Zuhirah Khaldun-Diarra, senior marketing director at the National Urban League, has traveled the world and bridged culture gaps through the arts. In her story she shares how living between several cultures has helped her become a peaceful communicator that embraces the world’s differences with an open mind.
I have lived on borders between races, religions and nations my entire life. As a young African American Muslim woman growing up in Queens, New York, that didn’t celebrate Christmas or eat pepperoni on her pizza, I felt truly alien. However, it was this otherness and outsider status that allowed me to move between different groups, communities and cultures as I attempted to be a conduit of understanding.
I fancied myself a “bridge over troubled water” between my working class white and black classmates — and music was my way over the bridge. Early on in my schooling, I was bussed to an elementary school in College Point, Queens, and I would volunteer to sing Stevie Wonder’s “Ebony and Ivory” acapella in front of the class to my friends on both sides of the aisle.
As an adolescent, hip hop became my calling card when I moved to Bermuda, and I recited rap lyrics to make friends.
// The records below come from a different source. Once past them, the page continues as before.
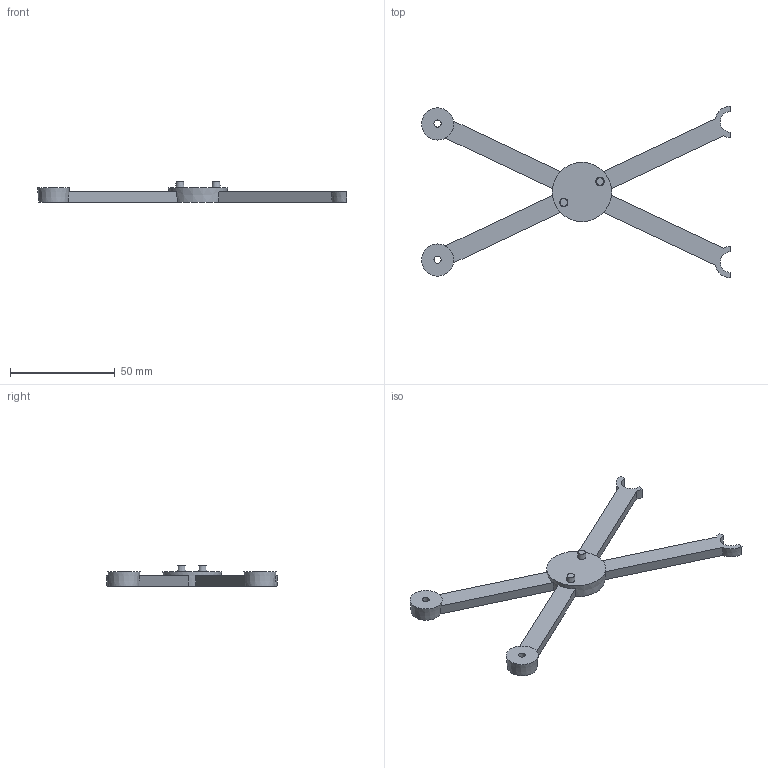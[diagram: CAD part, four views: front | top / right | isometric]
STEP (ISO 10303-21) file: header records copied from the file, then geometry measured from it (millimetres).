
FILE_DESCRIPTION(/* description */ ('','CAx-IF Rec.Pracs.---Representation and Presentation of Product Manufacturing Information (PMI)---4.0---2014-10-13'),/* implementation_level */ '2;1');
FILE_NAME(/* name */ 'keyboard-2-plate v24 - Support X.step',/* time_stamp */ '2025-01-20T08:25:24Z',/* author */ (''),/* organization */ (''),/* preprocessor_version */ 'ST-DEVELOPER v20',/* originating_system */ 'Autodesk Translation Framework v13.20.0.188',/* authorisation */ '');
FILE_SCHEMA (('AP242_MANAGED_MODEL_BASED_3D_ENGINEERING_MIM_LF { 1 0 10303 442 1 1 4 }'));
Length unit declared in the file: millimetre
Products named in the file (4): keyboard-2-plate; Base; Base-Feet; Supports
Assembly tree (3 placements, depth 4):
  keyboard-2-plate
    Base
      Base-Feet
        Supports
Bounding box: 147.58 x 81.99 x 9.75 mm (x, y, z)
Volume: 16804.2 mm3; surface area: 9840.8 mm2
Topology: 1 solids, 1 shells, 35 faces, 93 edges, 62 vertices
Faces by surface type: plane 22, cone 9, cylinder 4
Full cylindrical faces by diameter (mm): 3.4 x2
Entity records: 1179 total; most frequent: CARTESIAN_POINT 229, DIRECTION 199, ORIENTED_EDGE 186, EDGE_CURVE 93, AXIS2_PLACEMENT_3D 80, VERTEX_POINT 62, EDGE_LOOP 41, LINE 39

I used hip hop to build bridges of understanding. I immersed myself in the culture of the island and took this practice with me later in life, becoming a college radio DJ and music director at Barnard College in New York City. Later on, I worked in the music industry to promote the music I had witnessed bring together disparate communities. Most recently I have been working as senior marketing director at the National Urban League, which creates economic and social conditions necessary for peace and understanding, while recognizing and being inspired by peaceful grassroots movements like #BlackLivesMater and the transition of government in Burkina Faso in West Africa.
When living briefly in Hague in the western Netherlands, I did some volunteer work with Initiatives of Change, promoting the screening of a film “The Imam and the Pastor,” which is about interfaith in a violent torn community in Nigeria. While I have taken graduate courses in intercultural communications, there is no science to understanding this, and sometimes it is science that attempts to compartmentalize and put us all into our little boxes. That is not my work. I am interested instead in that which we hold in common. How we can stand in our individual subjectivities and still see ourselves as one — Christmas or no Christmas, pepperoni or without.
Perhaps this faith in the seeming impossible stems from the Muslim belief in one God, one earth and one love that we all share. In a post-911, ISIS era, where we see daily acts of barbarism in the name of God and bigotry and hatred that seems to have been boiling just below the surface erupt in retaliation, I proudly claim designations such as “Muslim Woman of Peace”, which Aga Khan University recognized me with at an event last year. I have witnessed the power of communication to enable understanding as we create peace communications that challenge us to look beyond that which we think we know, so that we can finally break down those walls that separate us.